Pisma bukan sekadar kegiatan tanpa makna, atau acara seremonial belaka sebagai pencitraan kampus atau organisasi sema universitas yang berkualitas. Kegiatan yang diselenggarakan oleh para mahasiswa ini merupakan wujud dari percikan api semangat para generasi muda, masa depan bangsa dalam membangung negara tercinta. Giat menyuarakan revolusi mental dan nilai kemanusiaan yang lebih bermartabat itulah keutamaan, Universitas Widya Mandira menunjukan bahwa sebagai warga negara yang baik wajib ikut mengambil bagian dalam upaya mewujudkan kesejahteraan masyarakat.
Dalam porsi genarasi terdidik, adalah menjadi kesempatan bagi para mahasiswa untuk membantu pemerintah menyuarakan kebaikan.

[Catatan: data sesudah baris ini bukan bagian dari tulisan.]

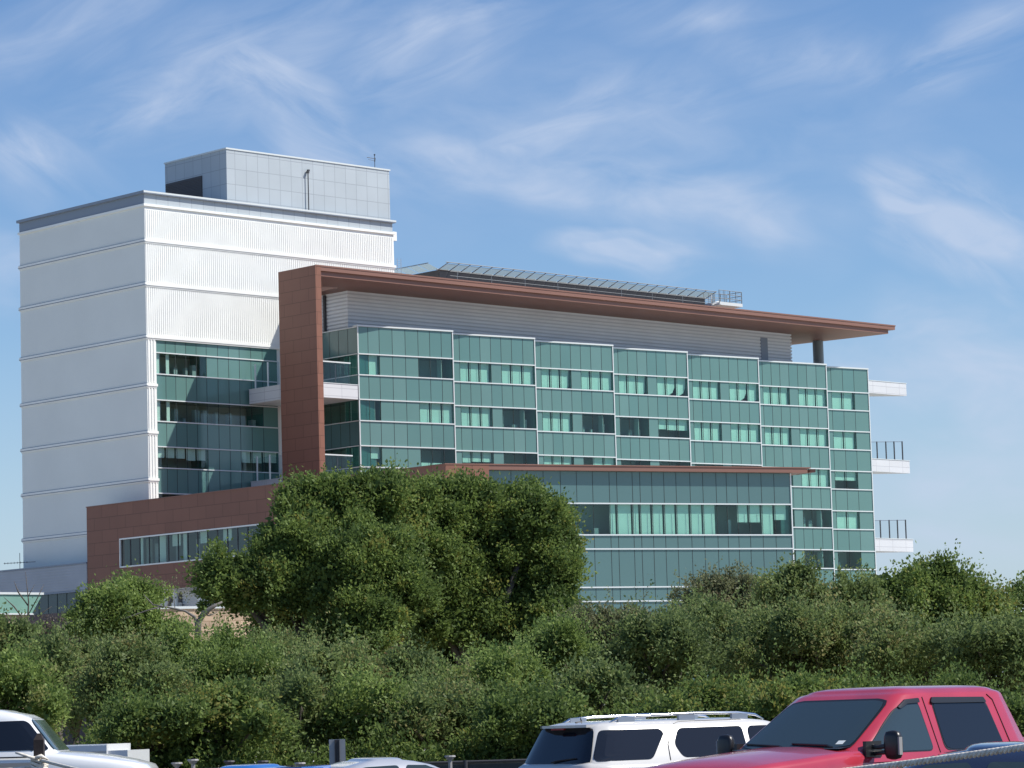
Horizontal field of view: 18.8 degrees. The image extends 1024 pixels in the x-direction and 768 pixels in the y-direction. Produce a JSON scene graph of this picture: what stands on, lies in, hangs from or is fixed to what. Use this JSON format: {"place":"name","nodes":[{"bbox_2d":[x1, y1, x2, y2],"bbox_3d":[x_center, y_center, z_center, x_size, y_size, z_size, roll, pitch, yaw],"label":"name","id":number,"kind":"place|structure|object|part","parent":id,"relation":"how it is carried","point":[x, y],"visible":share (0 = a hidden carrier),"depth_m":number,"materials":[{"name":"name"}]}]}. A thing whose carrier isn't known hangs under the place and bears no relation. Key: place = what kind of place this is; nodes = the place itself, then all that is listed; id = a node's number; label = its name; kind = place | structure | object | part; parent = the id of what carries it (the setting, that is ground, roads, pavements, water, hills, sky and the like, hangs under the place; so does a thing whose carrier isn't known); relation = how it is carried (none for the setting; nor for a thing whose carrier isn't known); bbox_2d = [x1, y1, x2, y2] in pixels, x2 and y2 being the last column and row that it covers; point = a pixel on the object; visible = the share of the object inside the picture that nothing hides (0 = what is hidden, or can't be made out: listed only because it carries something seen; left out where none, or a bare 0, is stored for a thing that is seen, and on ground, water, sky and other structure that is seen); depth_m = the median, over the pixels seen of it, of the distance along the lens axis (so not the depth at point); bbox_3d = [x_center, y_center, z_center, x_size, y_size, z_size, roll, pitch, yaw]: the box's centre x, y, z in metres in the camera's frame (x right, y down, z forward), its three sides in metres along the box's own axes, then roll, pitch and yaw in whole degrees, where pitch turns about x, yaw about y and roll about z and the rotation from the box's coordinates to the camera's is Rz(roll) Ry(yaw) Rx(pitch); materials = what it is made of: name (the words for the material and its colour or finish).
{"place":"outdoors","nodes":[
{"label":"outdoors","id":0,"kind":"place"},
{"bbox_2d":[120,591,222,640],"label":"dead branch","id":1,"kind":"object","parent":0,"point":[210,608],"visible":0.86,"depth_m":85.83,"materials":[{"name":"brown wood"}]},
{"bbox_2d":[0,0,1023,672],"label":"sky","id":2,"kind":"structure","parent":0,"point":[852,160],"materials":[{"name":"blue"}]},
{"label":"ground","id":3,"kind":"structure","parent":0,"visible":0},
{"bbox_2d":[0,602,47,657],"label":"tree","id":4,"kind":"object","parent":3,"relation":"on","point":[5,627],"visible":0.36,"depth_m":83.46,"materials":[{"name":"green plant"}]},
{"bbox_2d":[5,572,51,626],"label":"bare sapling","id":5,"kind":"object","parent":3,"relation":"on","point":[28,612],"visible":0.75,"depth_m":87.88,"materials":[{"name":"brown plant"}]},
{"bbox_2d":[0,615,86,740],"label":"shrub","id":6,"kind":"object","parent":3,"relation":"on","point":[27,685],"visible":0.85,"depth_m":61.02,"materials":[{"name":"green plant"}]},
{"bbox_2d":[0,597,120,744],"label":"shrub","id":7,"kind":"object","parent":3,"relation":"on","point":[56,640],"visible":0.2,"depth_m":68.46,"materials":[{"name":"green plant"}]},
{"bbox_2d":[29,611,113,739],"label":"shrub","id":8,"kind":"object","parent":3,"relation":"on","point":[46,633],"visible":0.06,"depth_m":95.58,"materials":[{"name":"green plant"}]},
{"bbox_2d":[51,559,184,644],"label":"tree","id":9,"kind":"object","parent":3,"relation":"on","point":[112,600],"visible":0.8,"depth_m":91.48,"materials":[{"name":"green plant"}]},
{"bbox_2d":[54,598,205,744],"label":"shrub","id":10,"kind":"object","parent":3,"relation":"on","point":[140,658],"visible":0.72,"depth_m":65.10,"materials":[{"name":"green plant"}]},
{"bbox_2d":[78,655,221,767],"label":"shrub","id":11,"kind":"object","parent":3,"relation":"on","point":[138,722],"visible":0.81,"depth_m":56.10,"materials":[{"name":"green plant"}]},
{"bbox_2d":[131,575,191,617],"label":"tree","id":12,"kind":"object","parent":3,"relation":"on","point":[180,592],"visible":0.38,"depth_m":96.88,"materials":[{"name":"green plant"}]},
{"bbox_2d":[152,600,261,676],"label":"shrub","id":13,"kind":"object","parent":3,"relation":"on","point":[182,627],"visible":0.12,"depth_m":72.89,"materials":[{"name":"green plant"}]},
{"bbox_2d":[122,643,315,765],"bbox_3d":[-5.426,6.467,56.911,3.621,3.476,3.004,-2,-6,0],"label":"shrub","id":14,"kind":"object","parent":3,"relation":"on","point":[227,705],"visible":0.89,"depth_m":56.62,"materials":[{"name":"green plant"}]},
{"bbox_2d":[168,603,300,730],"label":"shrub","id":15,"kind":"object","parent":3,"relation":"on","point":[231,648],"visible":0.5,"depth_m":70.38,"materials":[{"name":"green plant"}]},
{"bbox_2d":[240,604,336,762],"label":"shrub","id":16,"kind":"object","parent":3,"relation":"on","point":[288,637],"visible":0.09,"depth_m":75.51,"materials":[{"name":"green plant"}]},
{"bbox_2d":[226,652,369,762],"bbox_3d":[-4.098,6.740,58.923,3.239,3.299,2.970,-2,-6,0],"label":"shrub","id":17,"kind":"object","parent":3,"relation":"on","point":[296,684],"visible":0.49,"depth_m":58.81,"materials":[{"name":"green plant"}]},
{"bbox_2d":[175,453,474,757],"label":"shade tree","id":18,"kind":"object","parent":3,"relation":"on","point":[373,546],"visible":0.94,"depth_m":111.48,"materials":[{"name":"green plant"}]},
{"bbox_2d":[257,607,406,694],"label":"shrub","id":19,"kind":"object","parent":3,"relation":"on","point":[350,654],"visible":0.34,"depth_m":66.63,"materials":[{"name":"green plant"}]},
{"bbox_2d":[299,621,452,755],"bbox_3d":[-2.620,6.418,59.038,2.868,3.879,3.301,0,-6,-14],"label":"shrub","id":20,"kind":"object","parent":3,"relation":"on","point":[363,691],"visible":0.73,"depth_m":58.91,"materials":[{"name":"green plant"}]},
{"bbox_2d":[336,613,467,692],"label":"shrub","id":21,"kind":"object","parent":3,"relation":"on","point":[416,659],"visible":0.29,"depth_m":67.30,"materials":[{"name":"green plant"}]},
{"bbox_2d":[289,759,525,767],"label":"fence","id":22,"kind":"object","parent":3,"relation":"on","point":[509,763],"visible":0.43,"depth_m":53.99,"materials":[{"name":"grey metal"}]},
{"bbox_2d":[236,464,599,684],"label":"shade tree","id":23,"kind":"object","parent":3,"relation":"on","point":[526,555],"visible":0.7,"depth_m":116.17,"materials":[{"name":"green plant"}]},
{"bbox_2d":[370,634,499,759],"bbox_3d":[-1.275,6.538,58.964,2.757,3.546,3.182,-2,-6,0],"label":"shrub","id":24,"kind":"object","parent":3,"relation":"on","point":[443,712],"visible":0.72,"depth_m":58.72,"materials":[{"name":"green plant"}]},
{"bbox_2d":[432,614,569,697],"bbox_3d":[-0.237,6.893,65.063,3.041,4.115,2.949,-2,-6,0],"label":"shrub","id":25,"kind":"object","parent":3,"relation":"on","point":[489,668],"visible":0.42,"depth_m":64.61,"materials":[{"name":"green plant"}]},
{"bbox_2d":[449,646,619,759],"bbox_3d":[0.423,6.434,57.156,3.179,3.260,3.092,-2,-6,0],"label":"shrub","id":26,"kind":"object","parent":3,"relation":"on","point":[503,712],"visible":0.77,"depth_m":56.43,"materials":[{"name":"green plant"}]},
{"bbox_2d":[78,698,1023,767],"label":"undergrowth","id":27,"kind":"object","parent":3,"relation":"on","point":[248,754],"visible":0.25,"depth_m":57.03,"materials":[{"name":"green plant"}]},
{"bbox_2d":[489,604,616,687],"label":"shrub","id":28,"kind":"object","parent":3,"relation":"on","point":[553,632],"visible":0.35,"depth_m":68.55,"materials":[{"name":"green plant"}]},
{"bbox_2d":[510,630,675,720],"bbox_3d":[1.608,6.672,61.130,3.242,3.586,2.706,-2,-6,0],"label":"shrub","id":29,"kind":"object","parent":3,"relation":"on","point":[596,674],"visible":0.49,"depth_m":60.66,"materials":[{"name":"green plant"}]},
{"bbox_2d":[547,585,661,713],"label":"tree","id":30,"kind":"object","parent":3,"relation":"on","point":[594,617],"visible":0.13,"depth_m":99.35,"materials":[{"name":"green plant"}]},
{"bbox_2d":[571,569,734,693],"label":"shrub","id":31,"kind":"object","parent":3,"relation":"on","point":[671,639],"visible":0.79,"depth_m":66.87,"materials":[{"name":"green plant"}]},
{"bbox_2d":[585,654,730,720],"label":"shrub","id":32,"kind":"object","parent":3,"relation":"on","point":[674,704],"visible":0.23,"depth_m":56.45,"materials":[{"name":"green plant"}]},
{"bbox_2d":[642,653,774,717],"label":"shrub","id":33,"kind":"object","parent":3,"relation":"on","point":[711,687],"visible":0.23,"depth_m":58.20,"materials":[{"name":"green plant"}]},
{"bbox_2d":[655,576,780,684],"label":"shrub","id":34,"kind":"object","parent":3,"relation":"on","point":[708,606],"visible":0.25,"depth_m":72.64,"materials":[{"name":"green plant"}]},
{"bbox_2d":[659,558,778,716],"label":"tree","id":35,"kind":"object","parent":3,"relation":"on","point":[729,583],"visible":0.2,"depth_m":97.50,"materials":[{"name":"green plant"}]},
{"bbox_2d":[702,568,849,691],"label":"shrub","id":36,"kind":"object","parent":3,"relation":"on","point":[763,634],"visible":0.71,"depth_m":68.93,"materials":[{"name":"green plant"}]},
{"bbox_2d":[735,548,836,621],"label":"tree","id":37,"kind":"object","parent":3,"relation":"on","point":[797,573],"visible":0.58,"depth_m":87.54,"materials":[{"name":"green plant"}]},
{"bbox_2d":[719,638,862,720],"bbox_3d":[5.375,6.282,57.089,2.790,3.258,2.856,0,-7,-16],"label":"shrub","id":38,"kind":"object","parent":3,"relation":"on","point":[770,699],"visible":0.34,"depth_m":56.74,"materials":[{"name":"green plant"}]},
{"bbox_2d":[768,570,926,685],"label":"shrub","id":39,"kind":"object","parent":3,"relation":"on","point":[819,639],"visible":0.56,"depth_m":68.79,"materials":[{"name":"green plant"}]},
{"bbox_2d":[826,562,897,615],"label":"tree","id":40,"kind":"object","parent":3,"relation":"on","point":[859,588],"visible":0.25,"depth_m":89.50,"materials":[{"name":"green plant"}]},
{"bbox_2d":[832,640,932,687],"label":"shrub","id":41,"kind":"object","parent":3,"relation":"on","point":[863,680],"visible":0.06,"depth_m":57.48,"materials":[{"name":"green plant"}]},
{"bbox_2d":[835,593,984,685],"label":"shrub","id":42,"kind":"object","parent":3,"relation":"on","point":[878,640],"visible":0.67,"depth_m":66.73,"materials":[{"name":"green plant"}]},
{"bbox_2d":[853,538,1023,681],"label":"shade tree","id":43,"kind":"object","parent":3,"relation":"on","point":[936,583],"visible":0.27,"depth_m":95.19,"materials":[{"name":"green plant"}]},
{"bbox_2d":[881,638,1014,695],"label":"shrub","id":44,"kind":"object","parent":3,"relation":"on","point":[952,679],"visible":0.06,"depth_m":58.45,"materials":[{"name":"green plant"}]},
{"bbox_2d":[917,588,1023,698],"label":"shrub","id":45,"kind":"object","parent":3,"relation":"on","point":[996,643],"visible":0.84,"depth_m":64.61,"materials":[{"name":"green plant"}]},
{"bbox_2d":[952,647,1023,734],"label":"shrub","id":46,"kind":"object","parent":3,"relation":"on","point":[1015,704],"visible":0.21,"depth_m":56.31,"materials":[{"name":"green plant"}]},
{"bbox_2d":[1001,570,1023,616],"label":"shade tree","id":47,"kind":"object","parent":3,"relation":"on","point":[1018,584],"visible":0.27,"depth_m":103.54,"materials":[{"name":"green plant"}]},
{"label":"plaza","id":48,"kind":"structure","parent":0,"visible":0},
{"bbox_2d":[0,562,106,744],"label":"annex","id":49,"kind":"object","parent":48,"relation":"on","point":[61,582],"visible":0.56,"depth_m":290.21,"materials":[{"name":"white paint"}]},
{"bbox_2d":[157,606,525,751],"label":"stone retaining wall","id":50,"kind":"structure","parent":48,"relation":"on","point":[207,620],"depth_m":254.09,"materials":[{"name":"beige stone"}]},
{"bbox_2d":[16,147,912,748],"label":"medical building","id":51,"kind":"structure","parent":48,"relation":"on","point":[216,343],"depth_m":297.12,"materials":[{"name":"white metal"}]},
{"bbox_2d":[306,169,309,209],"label":"roof pole","id":52,"kind":"object","parent":51,"relation":"on","point":[307,171],"visible":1,"depth_m":302.85,"materials":[{"name":"grey metal"}]},
{"label":"parking lot","id":53,"kind":"structure","parent":0,"visible":0},
{"bbox_2d":[33,733,44,766],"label":"wooden post","id":54,"kind":"object","parent":53,"relation":"on","point":[39,744],"visible":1,"depth_m":23.81,"materials":[{"name":"brown wood"}]},
{"bbox_2d":[12,744,1023,767],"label":"twisted rope","id":55,"kind":"object","parent":54,"relation":"attached to","point":[44,762],"visible":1,"depth_m":11.30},
{"bbox_2d":[0,710,157,767],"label":"suv","id":56,"kind":"object","parent":53,"relation":"on","point":[19,731],"visible":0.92,"depth_m":45.84,"materials":[{"name":"white paint"}]},
{"bbox_3d":[-7.504,5.214,45.858,1.266,0.440,0.184,-2,-6,-1],"label":"front side window","id":57,"kind":"part","parent":56,"relation":"part of","materials":[{"name":"black glass"}]},
{"bbox_2d":[66,743,149,761],"bbox_3d":[-7.146,6.808,51.781,1.870,1.545,1.700,-3,-6,8],"label":"utility trailer","id":58,"kind":"object","parent":53,"relation":"on","point":[122,749],"visible":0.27,"depth_m":51.09,"materials":[{"name":"white paint"}]},
{"bbox_2d":[171,762,182,767],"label":"capped post","id":59,"kind":"object","parent":53,"relation":"on","point":[176,764],"visible":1,"depth_m":52.57,"materials":[{"name":"grey metal"}]},
{"bbox_2d":[187,759,198,767],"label":"capped post","id":60,"kind":"object","parent":53,"relation":"on","point":[192,762],"visible":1,"depth_m":52.58,"materials":[{"name":"grey metal"}]},
{"bbox_2d":[224,760,234,764],"bbox_3d":[-4.792,7.000,52.565,0.198,1.205,0.198,-2,-6,0],"label":"capped post","id":61,"kind":"object","parent":53,"relation":"on","point":[229,762],"visible":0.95,"depth_m":52.57,"materials":[{"name":"grey metal"}]},
{"bbox_2d":[221,763,330,767],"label":"hatchback","id":62,"kind":"object","parent":53,"relation":"on","point":[263,765],"visible":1,"depth_m":35.32,"materials":[{"name":"blue paint"}]},
{"bbox_2d":[294,762,305,765],"bbox_3d":[-3.588,6.998,52.561,0.198,1.139,0.198,-2,-6,0],"label":"capped post","id":63,"kind":"object","parent":53,"relation":"on","point":[299,763],"visible":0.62,"depth_m":52.55,"materials":[{"name":"grey metal"}]},
{"bbox_2d":[329,739,345,764],"bbox_3d":[-2.899,6.680,51.569,0.270,1.513,0.062,-2,-6,0],"label":"parking sign","id":64,"kind":"object","parent":53,"relation":"on","point":[336,750],"visible":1,"depth_m":51.65,"materials":[{"name":"metal"}]},
{"bbox_2d":[331,757,440,767],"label":"sedan","id":65,"kind":"object","parent":53,"relation":"on","point":[379,762],"visible":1,"depth_m":37.06,"materials":[{"name":"silver metal"}]},
{"bbox_3d":[-1.734,4.689,36.747,0.868,0.299,0.194,1,-7,-20],"label":"rear side window","id":66,"kind":"part","parent":65,"relation":"part of","materials":[{"name":"grey glass"}]},
{"bbox_3d":[-0.834,4.698,37.067,0.883,0.300,0.183,1,-7,-20],"label":"front side window","id":67,"kind":"part","parent":65,"relation":"part of","materials":[{"name":"grey glass"}]},
{"bbox_2d":[444,755,455,767],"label":"capped post","id":68,"kind":"object","parent":53,"relation":"on","point":[449,758],"visible":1,"depth_m":52.58,"materials":[{"name":"grey metal"}]},
{"bbox_2d":[519,711,769,767],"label":"suv","id":69,"kind":"object","parent":53,"relation":"on","point":[640,740],"visible":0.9,"depth_m":41.23,"materials":[{"name":"white paint"}]},
{"bbox_3d":[0.638,4.828,41.281,0.242,0.470,1.645,2,-7,-31],"label":"rear window","id":70,"kind":"part","parent":69,"relation":"part of","materials":[{"name":"black glass"}]},
{"bbox_3d":[1.545,4.765,40.905,1.147,0.400,0.200,2,-7,-31],"label":"quarter window","id":71,"kind":"part","parent":69,"relation":"part of","materials":[{"name":"black glass"}]},
{"bbox_3d":[2.659,4.798,41.565,1.143,0.395,0.174,2,-7,-31],"label":"rear side window","id":72,"kind":"part","parent":69,"relation":"part of","materials":[{"name":"black glass"}]},
{"bbox_3d":[3.738,4.838,42.213,1.216,0.394,0.172,2,-7,-31],"label":"front side window","id":73,"kind":"part","parent":69,"relation":"part of","materials":[{"name":"black glass"}]},
{"bbox_2d":[646,685,1023,767],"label":"pickup truck","id":74,"kind":"object","parent":53,"relation":"on","point":[846,727],"visible":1,"depth_m":36.04,"materials":[{"name":"red paint"}]},
{"bbox_3d":[4.405,3.945,35.669,1.197,0.565,0.163,4,-9,-44],"label":"front side window","id":75,"kind":"part","parent":74,"relation":"part of","materials":[{"name":"grey glass"}]},
{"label":"rear side window","id":76,"kind":"part","parent":74,"relation":"part of","materials":[{"name":"black glass"}]},
{"bbox_2d":[901,741,1023,767],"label":"sedan","id":77,"kind":"object","parent":53,"relation":"on","point":[1011,760],"visible":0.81,"depth_m":18.18,"materials":[{"name":"blue paint"}]},
{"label":"front side window","id":78,"kind":"part","parent":77,"relation":"part of","materials":[{"name":"grey glass"}]},
{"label":"rear side window","id":79,"kind":"part","parent":77,"relation":"part of","materials":[{"name":"grey glass"}]}
]}

Meratas paham anomianisme dalam kehidupan bersama. Berjuang untuk memulainya dari dalam diri, yang berlanjut pada lingkup eksternal dan bermuara pada tanah air tercinta. Demokrasi akan tercipta bila semua masyarakat Indonesia memiliki kepedulian tersendiri terhadap nilai dan norma yang terkemas dalam 4 konsesus nasional (Pancasila, UUD 1945, NKRI, Bhineka Tunggal Ika).
Hukum dan aturan harus selalu mengikat kebebasan tiap individu, terutama para penerus bangsa yang adalah promotor kemerdekaan. Demokrasi harus selalu junjung tinggi, demi kemajuan yang bernilai. Masyarakat harus tetap menjadi pemilik kekuasaan bukan objek untuk ditindas. Salam Demokrasi_Unwira untuk Indonesia.